Sebanyak 12 orang warga Kabupaten Bekasi, Jawa Barat berstatus orang dalam pemantauan (ODP) virus corona atau covid-19. Pasalnya, mereka terdeteksi baru melakukan perjalanan ke luar negeri, dimana negara tujuan terjangkit virus corona.
"Semuanya WNI (warga negara Indonesia)," kata juru bicara pusat informasi dan koordinasi Covid-19 di Kabupaten Bekasi, dr. Alamsyah ketika dikonfirmasi pada Senin (9/3).
Ia mengatakan, mereka dalam pantauan petugas selama 14 hari sejak pulang dari negara yang dituju. Adapun, kondisinya sekarang dalam keadaan sehat atau tidak sakit.
Selain 12 orang berstatus ODP, kata dia, ada satu orang berstatus PDP (pasien dalam pengawasan). Tapi, pasien ini, menurut dia, kondisinya terus membaik setelah mendapatkan perawatan di rumah sakit.
"Pasien sekarang di rumah dalam masa pemulihan," kata dia.
Sedangkan, untuk pasien suspect virus corona, pihaknya memastikan tidak ada di Kabupaten Bekasi.

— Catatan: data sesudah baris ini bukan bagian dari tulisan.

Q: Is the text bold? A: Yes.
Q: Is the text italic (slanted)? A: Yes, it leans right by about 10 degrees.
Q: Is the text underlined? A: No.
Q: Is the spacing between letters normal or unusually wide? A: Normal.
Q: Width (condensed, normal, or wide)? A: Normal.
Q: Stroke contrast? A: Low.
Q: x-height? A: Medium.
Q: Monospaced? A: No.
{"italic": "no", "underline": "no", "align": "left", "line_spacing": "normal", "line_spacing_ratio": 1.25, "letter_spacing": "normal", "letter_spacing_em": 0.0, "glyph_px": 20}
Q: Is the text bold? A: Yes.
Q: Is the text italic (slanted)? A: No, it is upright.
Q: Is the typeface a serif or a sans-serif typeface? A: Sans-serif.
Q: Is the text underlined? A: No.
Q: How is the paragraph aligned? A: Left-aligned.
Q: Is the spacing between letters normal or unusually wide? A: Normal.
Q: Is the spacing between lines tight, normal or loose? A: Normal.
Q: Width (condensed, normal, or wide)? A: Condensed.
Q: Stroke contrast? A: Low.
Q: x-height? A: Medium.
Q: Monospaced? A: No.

Ia menambahkan, pemerintah daerah telah membentuk pusat informasi dan koordinasi Covid-19 sejak Jumat lalu di wilayahnya. Ada call center yang telah disebar ke masyarakat adalah 119 dan 112. Sedangkan hotlinenya adalah 021-89910030, 08111139929 dan 0852 83980119.

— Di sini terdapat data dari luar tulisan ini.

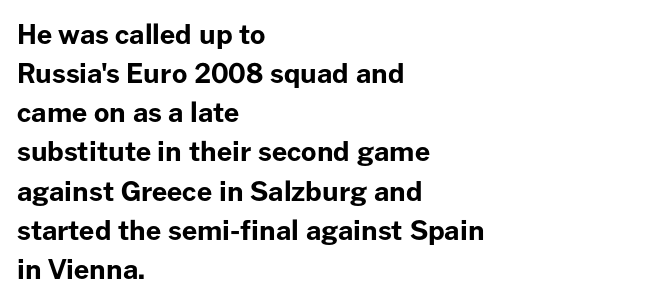
Q: Is the text bold? A: Yes.
Q: Is the text italic (slanted)? A: No, it is upright.
Q: Is the text underlined? A: No.
Q: How is the paragraph aligned? A: Left-aligned.
Q: Is the spacing between letters normal or unusually wide? A: Normal.
Q: Is the spacing between lines tight, normal or loose? A: Normal.
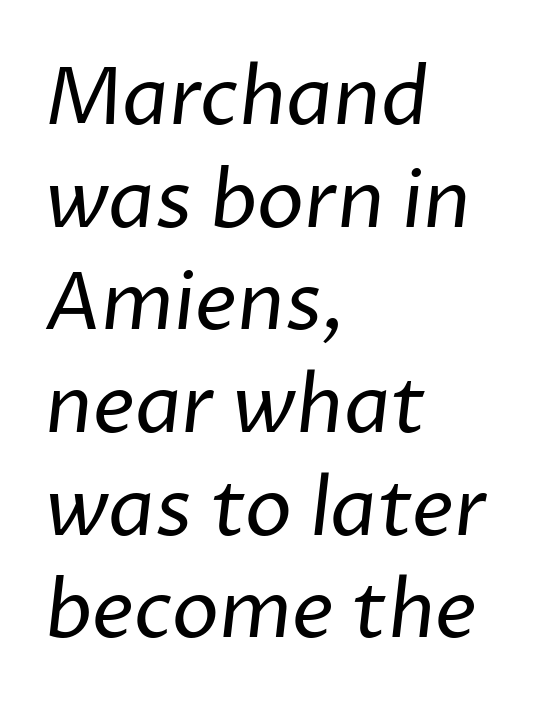
Q: Is the text bold? A: No.
Q: Is the typeface a serif or a sans-serif typeface? A: Sans-serif.
Q: Is the text underlined? A: No.
Q: How is the paragraph aligned? A: Left-aligned.
Q: Is the spacing between letters normal or unusually wide? A: Normal.
Q: Is the spacing between lines tight, normal or loose? A: Normal.
Q: Width (condensed, normal, or wide)? A: Normal.
Q: Stroke contrast? A: Low.
Q: x-height? A: Medium.
Q: Monospaced? A: No.

Ia meminta kepada masyarakat untuk mengenali ciri-ciri terjangkit gejala Covid-19. Antara lain demam tinggi di atas 38 derajat celcius, batuk. pilek, dan sesak napas, memiliki riwayat perjalanan ke China (Wuhan) atau negara lain yang terjangkit Covid-19, dan kontak erat dengan kasus konfirmasi covid-19.